In [None]:
import subprocess

# Research

[Exiftool](https://exiftool.org/geotag.html) already has some sophisicated functionality
for geotagging photos. Notes

- Supports some GPS log formats "out of the box", including GPX, NMEA, and KML, but it's also
  possible to define a custom CSV file (with specific header names). See exiftool [CSV
  format](exiftool.org/geotag.html#CSVFormat). "Required columns are GPSDateTime (or
  GPSDateStamp and GPSTimeStamp), GPSLatitude and GPSLongitude. All other columns are
  optional, and unrecognized columns are ignored."
- The geotagging is based on having images that already are correctly timestamped (in
  EXIF metadata). Positions for a given image time are then linearly interpolated from
  the time-posision pairs in the CSV file. In my case (extracting images from video) I
  may have to manually write the time to the EXIF metadata first. There are many
  time-related tags. "When extracting from file, timestamps are taken from the first
  available of the following tags: Image timestamp: SubSecDateTimeOriginal,
  SubSecCreateDate, SubSecModifyDate, DateTimeOriginal, CreateDate, ModifyDate,
  FileModifyDate"
- Setting e.g. SubSecDateTimeOriginal is probably best achieved with
  pyexiftool.PyExifToolHelper.set_tags() (see
  [docs](https://sylikc.github.io/pyexiftool/examples.html#setting-tags))

# Review of code for extracting images from video

Considering building a separate python package for extraction of images from video
transects.

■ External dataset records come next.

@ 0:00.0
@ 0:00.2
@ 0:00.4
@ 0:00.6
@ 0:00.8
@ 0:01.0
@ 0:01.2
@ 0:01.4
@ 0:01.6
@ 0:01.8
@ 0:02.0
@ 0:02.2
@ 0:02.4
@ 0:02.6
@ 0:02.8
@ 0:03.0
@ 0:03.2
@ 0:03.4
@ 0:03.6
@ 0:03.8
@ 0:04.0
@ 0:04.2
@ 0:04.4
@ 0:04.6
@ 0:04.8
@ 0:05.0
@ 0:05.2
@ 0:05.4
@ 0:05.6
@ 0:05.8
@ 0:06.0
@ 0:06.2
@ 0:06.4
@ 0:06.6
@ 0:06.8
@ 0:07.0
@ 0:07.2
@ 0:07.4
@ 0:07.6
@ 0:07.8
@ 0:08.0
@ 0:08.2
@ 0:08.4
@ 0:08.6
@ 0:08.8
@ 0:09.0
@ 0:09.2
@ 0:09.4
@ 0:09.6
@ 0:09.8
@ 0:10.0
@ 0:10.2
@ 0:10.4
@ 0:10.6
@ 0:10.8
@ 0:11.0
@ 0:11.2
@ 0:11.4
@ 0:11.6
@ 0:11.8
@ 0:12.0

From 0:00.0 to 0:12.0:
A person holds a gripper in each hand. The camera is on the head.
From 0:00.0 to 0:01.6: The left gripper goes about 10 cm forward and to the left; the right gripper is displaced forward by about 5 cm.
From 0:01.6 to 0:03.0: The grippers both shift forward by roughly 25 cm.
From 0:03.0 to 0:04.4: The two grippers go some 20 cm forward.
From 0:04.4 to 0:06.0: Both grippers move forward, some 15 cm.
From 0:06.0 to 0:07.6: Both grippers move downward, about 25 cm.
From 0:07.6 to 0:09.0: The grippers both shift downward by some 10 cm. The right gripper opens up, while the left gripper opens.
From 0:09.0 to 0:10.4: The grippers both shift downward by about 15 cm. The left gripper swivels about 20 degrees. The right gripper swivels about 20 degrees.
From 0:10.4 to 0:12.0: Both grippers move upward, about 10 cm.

The code developed so far is based on some different data sources:

Image data:
- Video from GoPro
- "Time lapse" images from GoPro

GPS tracks:
- Trimble Catalyst + GPS logger -> CSV (time in local time?), GPX, NMEA(?)
- Otter -> NMEA (original), CSV (processed)
- "Skippo" GPS track from mobile phone (Smøla) (?)

The general workflow is as follows:
- List / search for GPS track CSV file
- List / search for video files
- Use get_video_data() to get video data organized as Pandas dataframe. The function accepts time zone information.
- Use xxx_csv_to_geodataframe() to get all CSV positions (where "xxx" represents
  variations; "otter", "track", "yx") and return data as geodataframe. This can be very
  densely sampled (tens of samples per second for Otter) or less densely sampled.
- Reduce the number of data points by spatial filtering using filter_gdf_on_distance()
- Cryptically "prepare_gdf_with_video_data", doing many things that probably could be
  split into multiple functions: Excluding points outside video window. Adding video
  file and relative time within video for each point. 
- Finally, using extract_images_from_video() to both extract images from video and save
  the corresponding position in a GeoPackage file. **This function could be changed to
  extract the image and save the position data as an EXIF tag instead**.

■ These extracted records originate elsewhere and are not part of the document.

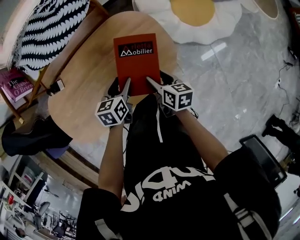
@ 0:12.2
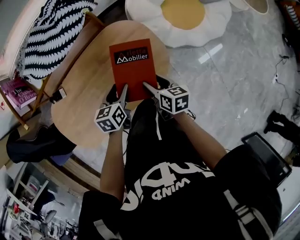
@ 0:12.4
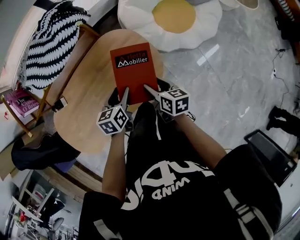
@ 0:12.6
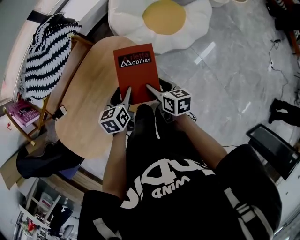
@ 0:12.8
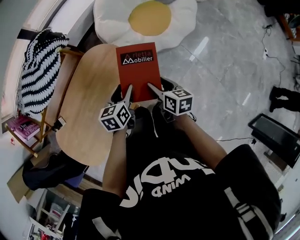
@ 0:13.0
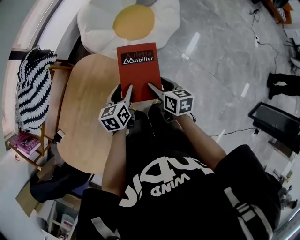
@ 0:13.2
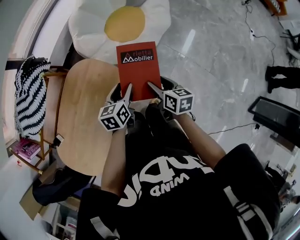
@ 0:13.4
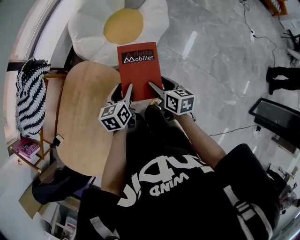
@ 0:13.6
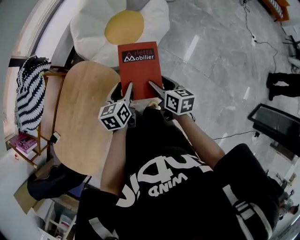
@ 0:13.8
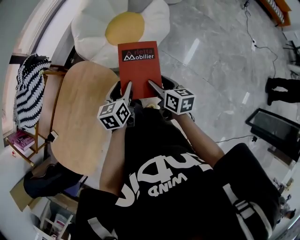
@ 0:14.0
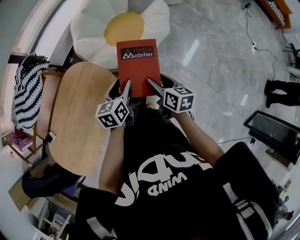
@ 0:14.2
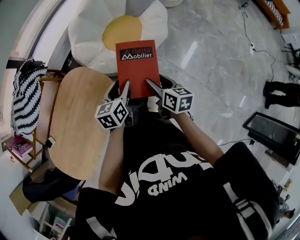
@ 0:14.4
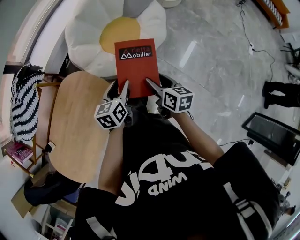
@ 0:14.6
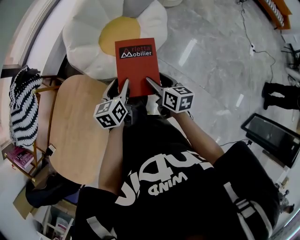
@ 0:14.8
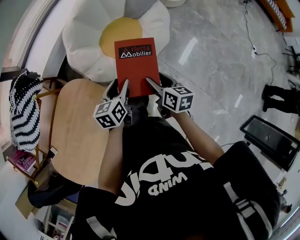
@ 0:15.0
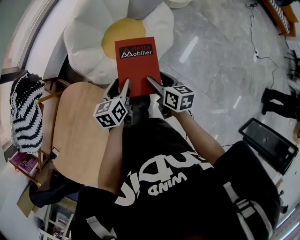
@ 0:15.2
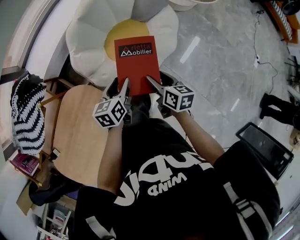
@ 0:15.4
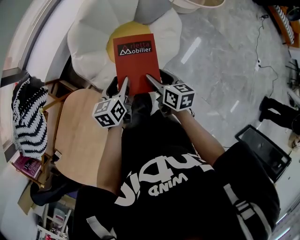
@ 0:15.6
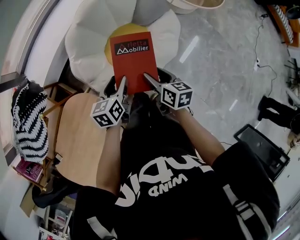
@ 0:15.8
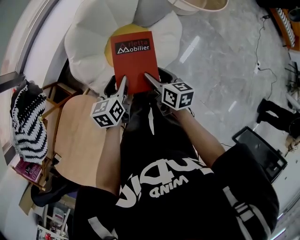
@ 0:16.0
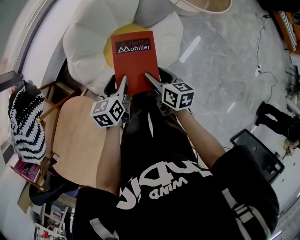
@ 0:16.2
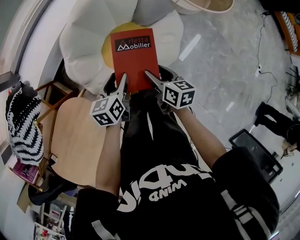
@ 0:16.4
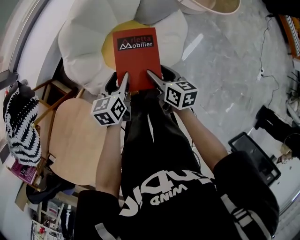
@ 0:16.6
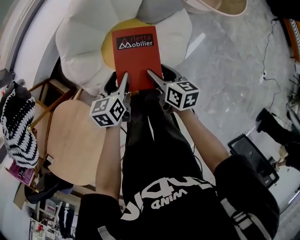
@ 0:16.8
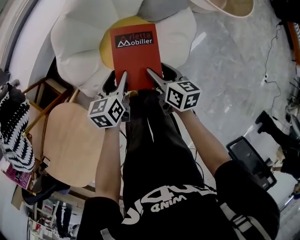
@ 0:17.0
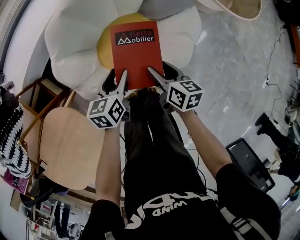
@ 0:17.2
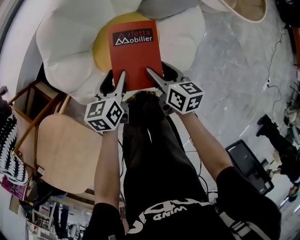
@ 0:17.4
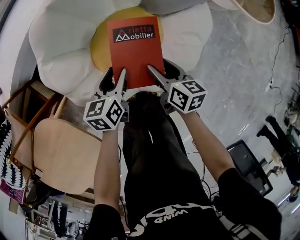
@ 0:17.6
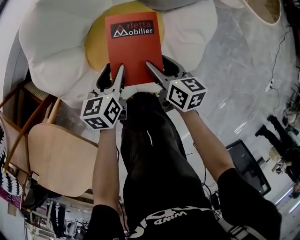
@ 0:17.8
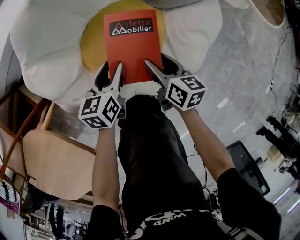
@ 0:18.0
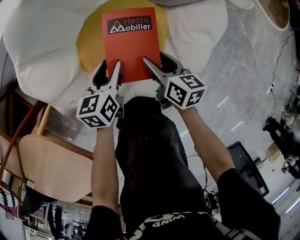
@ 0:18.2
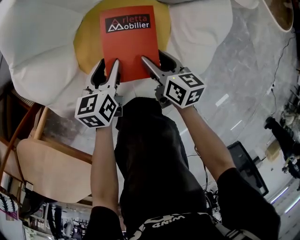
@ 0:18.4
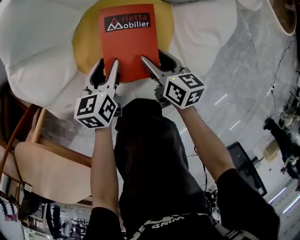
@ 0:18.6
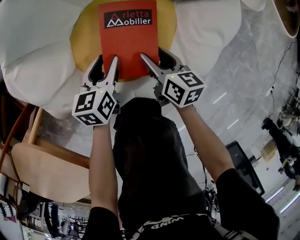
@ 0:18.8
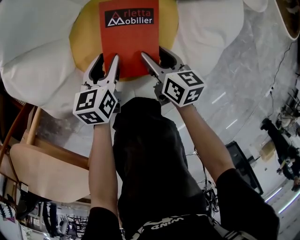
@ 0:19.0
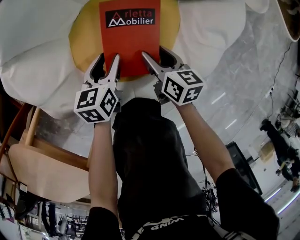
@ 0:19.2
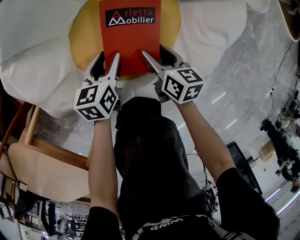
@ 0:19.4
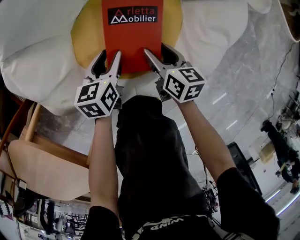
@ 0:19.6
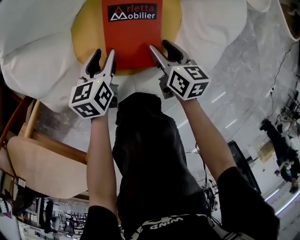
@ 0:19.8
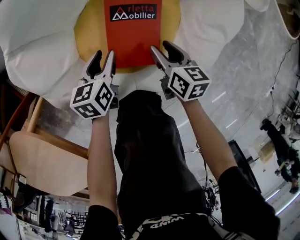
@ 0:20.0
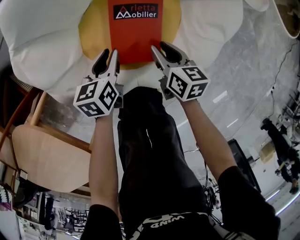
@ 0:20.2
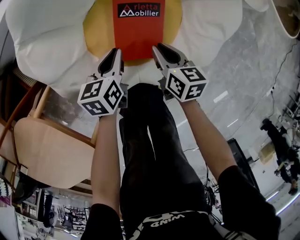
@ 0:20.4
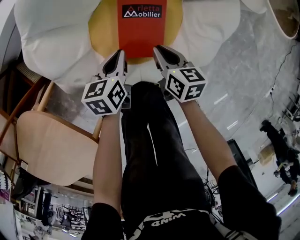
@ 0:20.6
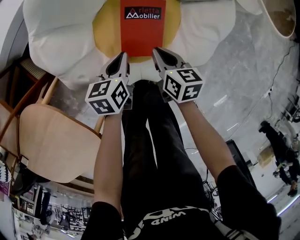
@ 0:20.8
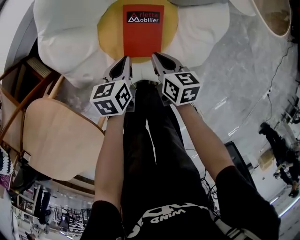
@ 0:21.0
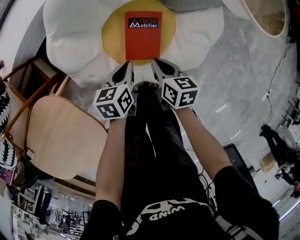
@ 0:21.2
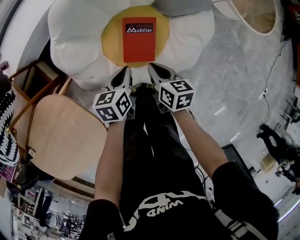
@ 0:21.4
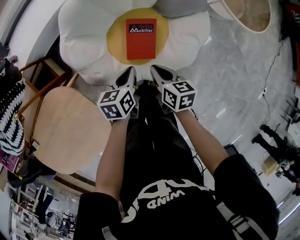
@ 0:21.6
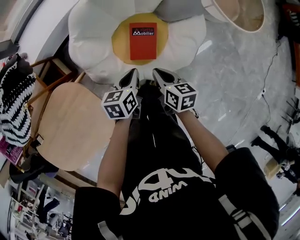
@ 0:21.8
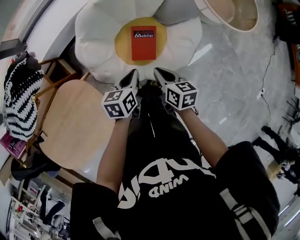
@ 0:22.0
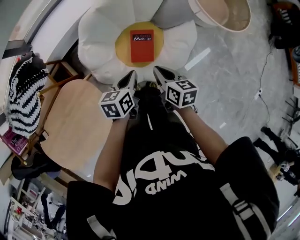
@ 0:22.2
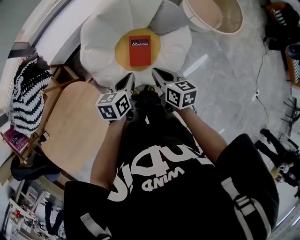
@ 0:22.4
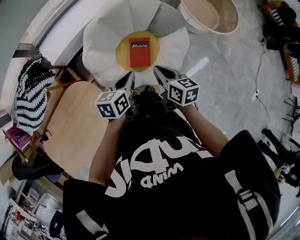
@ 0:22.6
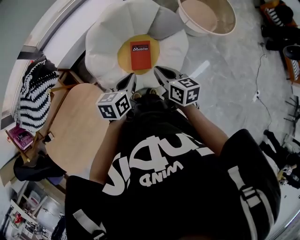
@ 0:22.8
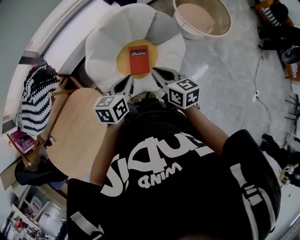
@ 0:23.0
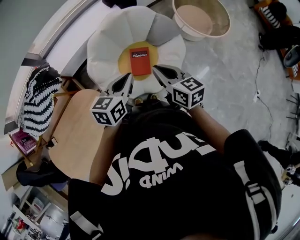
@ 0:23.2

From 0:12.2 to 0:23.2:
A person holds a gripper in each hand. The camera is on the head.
From 0:12.2 to 0:13.8: The left gripper ends up some 35 cm from where it was, and turns by some 20 degrees. The right gripper changes place by some 35 cm, and changes its angle by some 30 degrees.
From 0:13.8 to 0:15.4: Both grippers travel together forward, approximately 25 cm.
From 0:15.4 to 0:17.0: Both grippers move forward and downward, roughly 25 cm.
From 0:17.0 to 0:18.4: The two grippers go approximately 30 cm downward.
From 0:18.4 to 0:20.0: There are only small adjustments of the grippers.
From 0:20.0 to 0:21.6: Both grippers travel together upward, approximately 30 cm. The left gripper closes up. Meanwhile the right gripper closes.
From 0:21.6 to 0:23.2: Both grippers move upward, approximately 35 cm. The left gripper turns by approximately 30 degrees; the right gripper turns by some 30 degrees.

The code works, but "smells" a bit (according to my new preferences, at least). 

THe geodataframe format was chosen because it seemed like a good match with reading a
CSV file with positions and writing a GPKG file with points. However, a workflow where
the dataframe is continuously expanded and modified seems a bit clunky. Or? Does it just
feel like it because I'm not used to it?

# Pros / cons of switching to geotagged photos
Pros:
- Each photo is a self-contained "unit". No need to distribute separate file with
  positions.
- Import of geotagged photos supported by GIS software (but not e.g. Google Earth).

Cons:
- More work!
- Users end up with something similar to the geopackage file anyway - so there's not
  much gained in the end.

# Code refactoring alternatives
- Introduce typing
- Split into smaller functions with single responsibilities
- Using OOP? If there's any reason to.
- Try to generalize data formats
- Consider alterantives to Pandas data structures.